--- DATASET EXCERPTS Enclosed Below ---
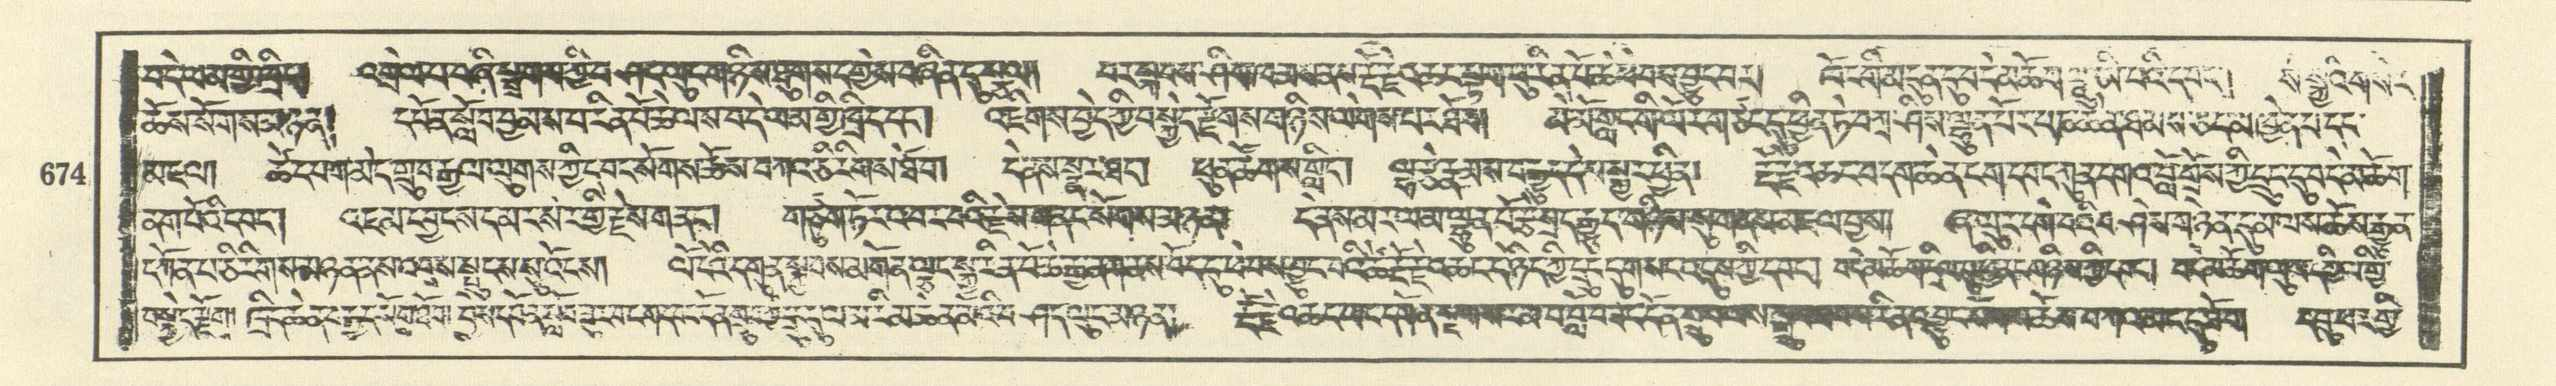བདེ་ལམ་གྱི་ཁྲིད། འགྲེལ་པ་བཞི་སྦྲགས་ཀྱི་བཤད་ལུང་གཉིས་ཐུགས་དགྱེས་བཞིན་དུ་སྩལ། བར་སྐབས་ཤིག་ཁམས་ནས་རྡོ་རྗེ་འཆང་སྟག་ཕུ་རིན་པོ་ཆེ་ཕེབས་བྱུང་བར། ཁོང་གི་མདུན་དུ་བདེ་མཆོག་ལཱུ་ཨི་པའི་དབང་། ས་སྐྱའི་གསེར་
ཆོས་སོགས་མཉན། དཔོན་སློབ་བྱམས་པ་རིན་པོ་ཆེ་ལས་བདེ་ལམ་གྱི་ཁྲིད་དང་། འཇིགས་བྱེད་ཀྱི་བསྐྱེད་རྫོགས་གཉིས་ལེགས་པར་ཐོབ། མེ་མོ་གླང་གི་ལོར་གཙང་དུ་ཕྱིན་ཏེ་བཀྲ་ཤིས་ལྷུན་པོར་པཎ་ཆེན་ཐམས་ཅད་མཁྱེན་པ་དང་
མཇལ། ཚེ་དཔག་མེད་གྲུབ་རྒྱལ་ལུགས་ཀྱི་དབང་སོགས་ཆོས་བཀའ་ཅི་རིགས་ཐོབ། དེ་ནས་སྣར་ཐང་། ཕུན་ཚོགས་གླིང་། ལྷ་རྩེ་རྣམས་བརྒྱུད་དེས་སྐྱར་ཕྱིན། རྡོ་རྗེ་འཆང་བདག་ཆེན་ངག་དབང་ཀུན་དགའ་བློ་གྲོས་ཀྱི་དྲུང་དུ་བདེ་མཆོག་
ནག་པོའི་དབང་། འཇམ་དབྱངས་དམར་སེར་གྱི་རྗེས་གནང་། གཙུག་ཏོར་འབར་བའི་རྗེས་གནང་སོགས་མཉན། དེ་ནས་མར་ལམ་ལྷུན་པོ་རྩེ་སྲད་རྒྱུད་གཉིས་སུ་གནས་མཇལ་བྱས། ཞ་ལུར་དགེ་བའི་བཤེས་གཉེན་དུ་མ་ལས་ཆོས་རྒྱུན་
དཀོན་པ་ཅི་རིགས་མཉན་ནས་འབྲས་སྤུངས་སུ་འོངས། ལོ་དེའི་དགུན་སྐྱབས་མགོན་ལྕང་སྐྱ་རིན་པོ་ཆེ་རྒྱ་ནག་ནས་བོད་དུ་ཕེབས་བྱུང་བའི་ཚེ་རྡོ་རྗེ་འཆང་དེ་ཉིད་ཀྱི་དྲུང་དུ་གསང་འདུས་ཀྱི་དབང་། བདེ་མཆོག་དྲིལ་བུ་ཕྱི་ནང་གཉིས་ཀྱི་དབང་། བདེ་མཆོག་ལུས་དཀྱིལ་གྱི་
བསྐྱེད་རྫོག། ཁྲིད་ཆེན་བརྒྱད་སོགས་ཐོབ། བྱེས་དཔོན་སློབ་ཟུར་བ་ངག་དབང་དོན་གྲུབ་ཀྱི་དྲུང་དུ་ལམ་རིམ་ཆེན་མོའི་བཤད་ལུང་མཉན། རྡོ་རྗེ་འཆང་ཡང་དགོན་སྔགས་རམ་པ་བློ་བཟང་དོན་གྲུབ་ལས་སྒྲུབ་ཐབས་རིན་འབྱུང་སོགས་ཆོས་བཀའ་མང་དུ་ཐོབ། དབུ་ཕར་གྱི་
--- End of Enclosed DATASET EXCERPTS ---
**PROBLEM TO WORK ON**
Could you retype every line above exactly as it appears, skipping the pictures?

**EXPECTED ANSWER**
བདེ་ལམ་གྱི་ཁྲིད། འགྲེལ་པ་བཞི་སྦྲགས་ཀྱི་བཤད་ལུང་གཉིས་ཐུགས་དགྱེས་བཞིན་དུ་སྩལ། བར་སྐབས་ཤིག་ཁམས་ནས་རྡོ་རྗེ་འཆང་སྟག་ཕུ་རིན་པོ་ཆེ་ཕེབས་བྱུང་བར། ཁོང་གི་མདུན་དུ་བདེ་མཆོག་ལཱུ་ཨི་པའི་དབང་། ས་སྐྱའི་གསེར་
ཆོས་སོགས་མཉན། དཔོན་སློབ་བྱམས་པ་རིན་པོ་ཆེ་ལས་བདེ་ལམ་གྱི་ཁྲིད་དང་། འཇིགས་བྱེད་ཀྱི་བསྐྱེད་རྫོགས་གཉིས་ལེགས་པར་ཐོབ། མེ་མོ་གླང་གི་ལོར་གཙང་དུ་ཕྱིན་ཏེ་བཀྲ་ཤིས་ལྷུན་པོར་པཎ་ཆེན་ཐམས་ཅད་མཁྱེན་པ་དང་
མཇལ། ཚེ་དཔག་མེད་གྲུབ་རྒྱལ་ལུགས་ཀྱི་དབང་སོགས་ཆོས་བཀའ་ཅི་རིགས་ཐོབ། དེ་ནས་སྣར་ཐང་། ཕུན་ཚོགས་གླིང་། ལྷ་རྩེ་རྣམས་བརྒྱུད་དེས་སྐྱར་ཕྱིན། རྡོ་རྗེ་འཆང་བདག་ཆེན་ངག་དབང་ཀུན་དགའ་བློ་གྲོས་ཀྱི་དྲུང་དུ་བདེ་མཆོག་
ནག་པོའི་དབང་། འཇམ་དབྱངས་དམར་སེར་གྱི་རྗེས་གནང་། གཙུག་ཏོར་འབར་བའི་རྗེས་གནང་སོགས་མཉན། དེ་ནས་མར་ལམ་ལྷུན་པོ་རྩེ་སྲད་རྒྱུད་གཉིས་སུ་གནས་མཇལ་བྱས། ཞ་ལུར་དགེ་བའི་བཤེས་གཉེན་དུ་མ་ལས་ཆོས་རྒྱུན་
དཀོན་པ་ཅི་རིགས་མཉན་ནས་འབྲས་སྤུངས་སུ་འོངས། ལོ་དེའི་དགུན་སྐྱབས་མགོན་ལྕང་སྐྱ་རིན་པོ་ཆེ་རྒྱ་ནག་ནས་བོད་དུ་ཕེབས་བྱུང་བའི་ཚེ་རྡོ་རྗེ་འཆང་དེ་ཉིད་ཀྱི་དྲུང་དུ་གསང་འདུས་ཀྱི་དབང་། བདེ་མཆོག་དྲིལ་བུ་ཕྱི་ནང་གཉིས་ཀྱི་དབང་། བདེ་མཆོག་ལུས་དཀྱིལ་གྱི་
བསྐྱེད་རྫོག། ཁྲིད་ཆེན་བརྒྱད་སོགས་ཐོབ། བྱེས་དཔོན་སློབ་ཟུར་བ་ངག་དབང་དོན་གྲུབ་ཀྱི་དྲུང་དུ་ལམ་རིམ་ཆེན་མོའི་བཤད་ལུང་མཉན། རྡོ་རྗེ་འཆང་ཡང་དགོན་སྔགས་རམ་པ་བློ་བཟང་དོན་གྲུབ་ལས་སྒྲུབ་ཐབས་རིན་འབྱུང་སོགས་ཆོས་བཀའ་མང་དུ་ཐོབ། དབུ་ཕར་གྱི་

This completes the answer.